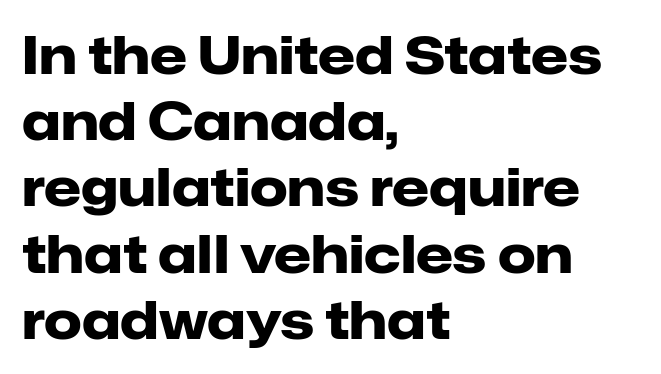
Q: Is the text bold? A: Yes.
Q: Is the text italic (slanted)? A: No, it is upright.
Q: Is the typeface a serif or a sans-serif typeface? A: Sans-serif.
Q: Is the text underlined? A: No.
Q: How is the paragraph aligned? A: Left-aligned.
Q: Is the spacing between letters normal or unusually wide? A: Normal.
Q: Is the spacing between lines tight, normal or loose? A: Normal.
Q: Width (condensed, normal, or wide)? A: Normal.
Q: Stroke contrast? A: Low.
Q: x-height? A: Medium.
Q: Monospaced? A: No.
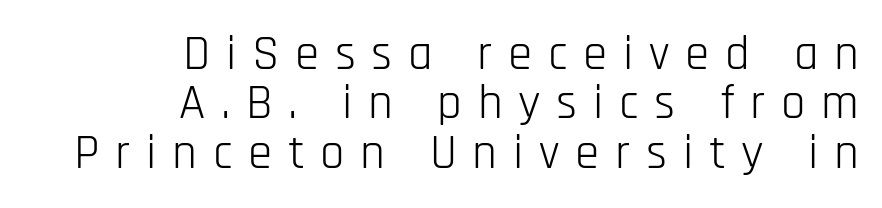
Stroke terminals: plain, sans-serif. It's the straight-up-and-down kind of type. Character widths vary here, with narrow letters taking less room than wide ones. Line ends are locked; line starts wander. The letters look calm and open, with moderate or lighter stems. Clear beneath every line of the passage.

══════

■ What is needed ■
Only lines containing the word "spacing" should be copied from the material above.

■ Answer space ■
Q: Is the spacing between letters normal or unusually wide? A: Normal.
Q: Is the spacing between lines tight, normal or loose? A: Normal.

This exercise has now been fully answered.